Bill St. Arnaud asks whether bandwidth caps are the next net neutrality, while a New York Congressman has announced plans to introduce a bill banning the practice.

14 Comments

  1. As I see it, either bandwidth caps or pay-per-GB plans are necessary to curtail unreasonable traffic levels in the most active users. Bandwidth caps are convenient because if caps exceed expected usage, users don’t have to worry about the cost of a particular download (and given how much most providers are charging for exceeding caps, you can bet you’ll think twice about those HD YouTube videos and 2 GB game demos).

    Given the mediocre level of network infrastructure in North America, Congress can’t very well demand ISPs run on a “take what you like” basis. ISPs couldn’t handle the strain.

  2. Bandwidth caps
    That’s simply not true. Bell has not proven they’re overburdened by use, and from what I recall reading last year, they’re nowhere near capacity.

    If you can prove otherwise, feel free, but I’d like to see it.

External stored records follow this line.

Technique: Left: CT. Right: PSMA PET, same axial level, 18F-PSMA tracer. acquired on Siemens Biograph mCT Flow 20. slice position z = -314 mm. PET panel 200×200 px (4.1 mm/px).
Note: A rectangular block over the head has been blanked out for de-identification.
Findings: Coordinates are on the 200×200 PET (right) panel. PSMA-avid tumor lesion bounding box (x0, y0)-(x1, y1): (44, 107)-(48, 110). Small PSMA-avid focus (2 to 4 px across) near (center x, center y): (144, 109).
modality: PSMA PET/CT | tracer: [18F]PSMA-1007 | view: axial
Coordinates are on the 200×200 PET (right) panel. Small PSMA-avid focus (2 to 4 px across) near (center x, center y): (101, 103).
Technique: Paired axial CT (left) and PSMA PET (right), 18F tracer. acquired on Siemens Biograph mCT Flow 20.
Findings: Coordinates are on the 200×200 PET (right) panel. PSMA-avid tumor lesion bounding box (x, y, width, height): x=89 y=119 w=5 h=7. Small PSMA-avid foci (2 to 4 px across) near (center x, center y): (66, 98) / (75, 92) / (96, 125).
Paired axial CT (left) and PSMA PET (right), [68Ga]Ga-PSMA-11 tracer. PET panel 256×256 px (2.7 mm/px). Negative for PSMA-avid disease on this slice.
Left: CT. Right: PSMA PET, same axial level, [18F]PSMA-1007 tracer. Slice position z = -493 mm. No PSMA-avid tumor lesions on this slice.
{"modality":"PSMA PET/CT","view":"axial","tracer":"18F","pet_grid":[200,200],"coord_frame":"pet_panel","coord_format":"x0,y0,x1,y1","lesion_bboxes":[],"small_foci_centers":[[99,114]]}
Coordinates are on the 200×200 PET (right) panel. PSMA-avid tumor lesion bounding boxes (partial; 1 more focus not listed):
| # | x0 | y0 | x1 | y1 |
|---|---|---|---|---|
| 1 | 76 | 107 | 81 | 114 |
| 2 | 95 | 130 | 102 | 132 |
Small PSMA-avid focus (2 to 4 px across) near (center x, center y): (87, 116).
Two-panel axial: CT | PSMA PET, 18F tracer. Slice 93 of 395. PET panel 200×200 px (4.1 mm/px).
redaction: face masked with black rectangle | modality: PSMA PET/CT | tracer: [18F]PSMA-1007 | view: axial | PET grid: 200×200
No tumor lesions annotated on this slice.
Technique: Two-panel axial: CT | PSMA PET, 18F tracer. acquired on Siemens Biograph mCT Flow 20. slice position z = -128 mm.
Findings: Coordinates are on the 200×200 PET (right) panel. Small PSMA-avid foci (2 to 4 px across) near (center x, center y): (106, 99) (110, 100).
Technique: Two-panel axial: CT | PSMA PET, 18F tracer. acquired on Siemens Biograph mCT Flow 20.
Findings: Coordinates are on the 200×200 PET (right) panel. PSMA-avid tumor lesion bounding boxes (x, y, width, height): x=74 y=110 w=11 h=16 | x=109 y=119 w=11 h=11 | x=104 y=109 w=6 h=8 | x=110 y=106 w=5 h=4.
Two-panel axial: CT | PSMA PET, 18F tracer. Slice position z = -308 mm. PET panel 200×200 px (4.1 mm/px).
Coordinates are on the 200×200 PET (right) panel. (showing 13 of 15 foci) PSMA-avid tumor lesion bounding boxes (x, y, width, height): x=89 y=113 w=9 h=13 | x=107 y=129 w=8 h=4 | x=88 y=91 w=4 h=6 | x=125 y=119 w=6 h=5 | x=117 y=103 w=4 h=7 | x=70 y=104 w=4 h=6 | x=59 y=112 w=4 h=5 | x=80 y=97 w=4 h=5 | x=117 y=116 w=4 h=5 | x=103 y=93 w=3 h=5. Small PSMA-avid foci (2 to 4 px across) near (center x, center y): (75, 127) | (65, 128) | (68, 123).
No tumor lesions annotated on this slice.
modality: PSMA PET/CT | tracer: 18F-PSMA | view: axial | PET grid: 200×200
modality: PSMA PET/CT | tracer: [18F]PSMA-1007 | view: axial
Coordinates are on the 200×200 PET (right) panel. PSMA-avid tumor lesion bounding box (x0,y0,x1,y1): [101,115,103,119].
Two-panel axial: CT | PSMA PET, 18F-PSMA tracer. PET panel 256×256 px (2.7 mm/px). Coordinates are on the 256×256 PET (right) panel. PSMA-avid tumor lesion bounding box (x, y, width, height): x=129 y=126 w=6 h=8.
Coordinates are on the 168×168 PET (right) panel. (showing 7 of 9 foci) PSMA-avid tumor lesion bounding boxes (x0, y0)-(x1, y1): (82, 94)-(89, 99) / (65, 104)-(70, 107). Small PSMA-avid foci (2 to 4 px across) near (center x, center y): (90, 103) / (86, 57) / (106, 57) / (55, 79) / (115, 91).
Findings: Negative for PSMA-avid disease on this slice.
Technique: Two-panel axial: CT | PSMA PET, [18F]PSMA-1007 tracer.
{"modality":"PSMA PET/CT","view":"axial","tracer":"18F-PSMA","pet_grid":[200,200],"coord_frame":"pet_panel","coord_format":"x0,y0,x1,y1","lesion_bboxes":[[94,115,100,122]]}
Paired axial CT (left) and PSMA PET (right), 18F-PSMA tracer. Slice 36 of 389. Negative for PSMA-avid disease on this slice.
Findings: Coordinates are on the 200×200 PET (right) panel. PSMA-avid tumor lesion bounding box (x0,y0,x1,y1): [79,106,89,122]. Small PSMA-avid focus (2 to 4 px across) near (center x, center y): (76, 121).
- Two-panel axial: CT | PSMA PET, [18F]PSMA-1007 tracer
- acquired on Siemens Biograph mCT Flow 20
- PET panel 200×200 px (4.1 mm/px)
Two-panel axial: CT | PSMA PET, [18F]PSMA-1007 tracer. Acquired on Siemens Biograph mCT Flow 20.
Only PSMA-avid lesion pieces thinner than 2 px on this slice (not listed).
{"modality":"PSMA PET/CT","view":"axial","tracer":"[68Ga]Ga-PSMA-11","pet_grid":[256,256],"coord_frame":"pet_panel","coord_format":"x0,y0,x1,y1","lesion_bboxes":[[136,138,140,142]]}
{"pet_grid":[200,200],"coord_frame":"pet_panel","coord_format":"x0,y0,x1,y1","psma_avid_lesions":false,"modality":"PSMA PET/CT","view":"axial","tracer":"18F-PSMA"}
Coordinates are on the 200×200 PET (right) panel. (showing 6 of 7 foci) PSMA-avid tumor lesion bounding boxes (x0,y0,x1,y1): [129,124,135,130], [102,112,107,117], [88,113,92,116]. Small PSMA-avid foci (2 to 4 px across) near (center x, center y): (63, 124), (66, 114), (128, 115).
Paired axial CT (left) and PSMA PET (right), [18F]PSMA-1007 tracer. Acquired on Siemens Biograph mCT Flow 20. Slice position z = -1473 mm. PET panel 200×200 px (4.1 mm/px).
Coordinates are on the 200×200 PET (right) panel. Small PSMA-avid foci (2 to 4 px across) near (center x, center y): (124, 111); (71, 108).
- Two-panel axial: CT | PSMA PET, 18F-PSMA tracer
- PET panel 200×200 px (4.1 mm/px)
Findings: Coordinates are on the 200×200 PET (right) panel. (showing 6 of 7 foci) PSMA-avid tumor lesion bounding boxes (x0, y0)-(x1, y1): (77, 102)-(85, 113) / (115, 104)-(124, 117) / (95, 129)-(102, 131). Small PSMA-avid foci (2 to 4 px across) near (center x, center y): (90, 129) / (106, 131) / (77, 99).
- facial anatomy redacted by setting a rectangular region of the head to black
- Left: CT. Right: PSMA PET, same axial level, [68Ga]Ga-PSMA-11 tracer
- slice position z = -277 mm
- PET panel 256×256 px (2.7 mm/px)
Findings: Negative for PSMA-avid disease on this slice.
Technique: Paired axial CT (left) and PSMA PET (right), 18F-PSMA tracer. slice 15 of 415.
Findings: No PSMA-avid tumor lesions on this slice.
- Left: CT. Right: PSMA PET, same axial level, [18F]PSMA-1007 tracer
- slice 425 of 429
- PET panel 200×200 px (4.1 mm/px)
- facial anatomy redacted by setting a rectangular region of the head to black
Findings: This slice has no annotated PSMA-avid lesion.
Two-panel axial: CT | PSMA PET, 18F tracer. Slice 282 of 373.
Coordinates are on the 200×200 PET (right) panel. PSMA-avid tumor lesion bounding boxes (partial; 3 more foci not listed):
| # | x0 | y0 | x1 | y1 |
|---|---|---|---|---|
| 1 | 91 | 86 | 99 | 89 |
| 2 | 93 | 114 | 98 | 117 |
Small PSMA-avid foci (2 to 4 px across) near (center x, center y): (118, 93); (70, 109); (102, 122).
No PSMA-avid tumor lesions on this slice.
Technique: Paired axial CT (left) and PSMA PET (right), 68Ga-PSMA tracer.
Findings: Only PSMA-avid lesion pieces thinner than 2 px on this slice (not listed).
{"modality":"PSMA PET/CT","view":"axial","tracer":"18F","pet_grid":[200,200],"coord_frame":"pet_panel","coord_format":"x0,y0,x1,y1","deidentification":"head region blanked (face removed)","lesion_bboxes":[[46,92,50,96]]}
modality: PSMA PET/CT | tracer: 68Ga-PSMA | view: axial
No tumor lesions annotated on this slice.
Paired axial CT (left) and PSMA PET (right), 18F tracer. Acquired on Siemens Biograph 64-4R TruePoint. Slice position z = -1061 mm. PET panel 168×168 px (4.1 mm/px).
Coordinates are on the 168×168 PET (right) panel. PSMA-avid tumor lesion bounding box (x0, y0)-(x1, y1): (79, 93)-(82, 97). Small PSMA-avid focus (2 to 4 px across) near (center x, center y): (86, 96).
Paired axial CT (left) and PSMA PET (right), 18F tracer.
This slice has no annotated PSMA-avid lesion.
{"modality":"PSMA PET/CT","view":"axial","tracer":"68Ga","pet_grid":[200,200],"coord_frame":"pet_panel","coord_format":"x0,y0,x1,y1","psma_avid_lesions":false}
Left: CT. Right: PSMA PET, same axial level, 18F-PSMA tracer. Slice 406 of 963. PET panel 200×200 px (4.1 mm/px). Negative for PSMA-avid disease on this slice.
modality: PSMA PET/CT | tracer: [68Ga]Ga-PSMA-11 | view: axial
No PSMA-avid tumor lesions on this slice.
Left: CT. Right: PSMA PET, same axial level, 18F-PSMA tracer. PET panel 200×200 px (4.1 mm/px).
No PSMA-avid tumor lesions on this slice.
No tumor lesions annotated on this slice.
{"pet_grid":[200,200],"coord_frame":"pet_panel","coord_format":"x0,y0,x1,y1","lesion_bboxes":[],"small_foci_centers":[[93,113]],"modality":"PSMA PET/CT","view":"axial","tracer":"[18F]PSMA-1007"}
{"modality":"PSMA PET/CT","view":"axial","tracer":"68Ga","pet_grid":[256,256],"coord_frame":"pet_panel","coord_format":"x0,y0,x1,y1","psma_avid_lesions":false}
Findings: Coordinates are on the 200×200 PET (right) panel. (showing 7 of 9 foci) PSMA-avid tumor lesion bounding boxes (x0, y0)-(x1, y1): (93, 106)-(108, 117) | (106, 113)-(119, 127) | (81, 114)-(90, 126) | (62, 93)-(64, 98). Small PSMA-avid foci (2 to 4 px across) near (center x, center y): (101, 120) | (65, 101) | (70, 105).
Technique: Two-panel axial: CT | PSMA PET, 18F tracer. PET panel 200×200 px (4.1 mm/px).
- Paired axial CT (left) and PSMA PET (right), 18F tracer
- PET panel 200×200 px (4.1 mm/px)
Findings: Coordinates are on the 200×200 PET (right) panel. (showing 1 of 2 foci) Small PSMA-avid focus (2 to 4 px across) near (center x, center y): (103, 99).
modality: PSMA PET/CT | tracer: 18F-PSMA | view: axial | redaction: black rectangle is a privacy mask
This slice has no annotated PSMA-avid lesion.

    Bandwidth caps are intended to force the consumers hand. Bell doesn’t want people to get just internet and watch all their TV streaming from CTV.ca and CityTV.com, they want people to pay for both internet and a dish. The bandwidth cap is intended to artificially increase the need to do so, when other options are more than viable.

    It’s a cash grab by a company frightened of losing a large chunk of (mostly dirty) business. This is just like DRM on audio, there is no way it’ll generate a positive reaction and the various ISPs involved will, eventually, be forced to reconsider. Technology continues to advance, regardless of their wishes. If they impose a small cap with large fees, someone will devise something to thwart it.

  3. Devil's Advocate says:

    It means literally paying twice
    You already pay for a bandwidth figure you never can even get close to as it is. Providers are already guilty en masse of false advertising and breach of contract.

    Caps are just another attempt by providers to further “maximize their profits” by simply charging more money on top of what they’re already getting.

    And, these new “plans” they sell you revolving around these caps are nothing more than a sneaky way of getting people with older “unlimited” contracts to abandon their original terms. (Those who have held onto them have actually retained the right to “unlimited” service. The arbitrary service contract changes they made without your informed consent are NOT legal.)

  4. Mr
    First off, I live in NZ where we’ve had bandwidth caps forever. This is because the carriers themselves pay termination fees to US ISPs to route Internet traffic, as well as carriage charges on undersea cables.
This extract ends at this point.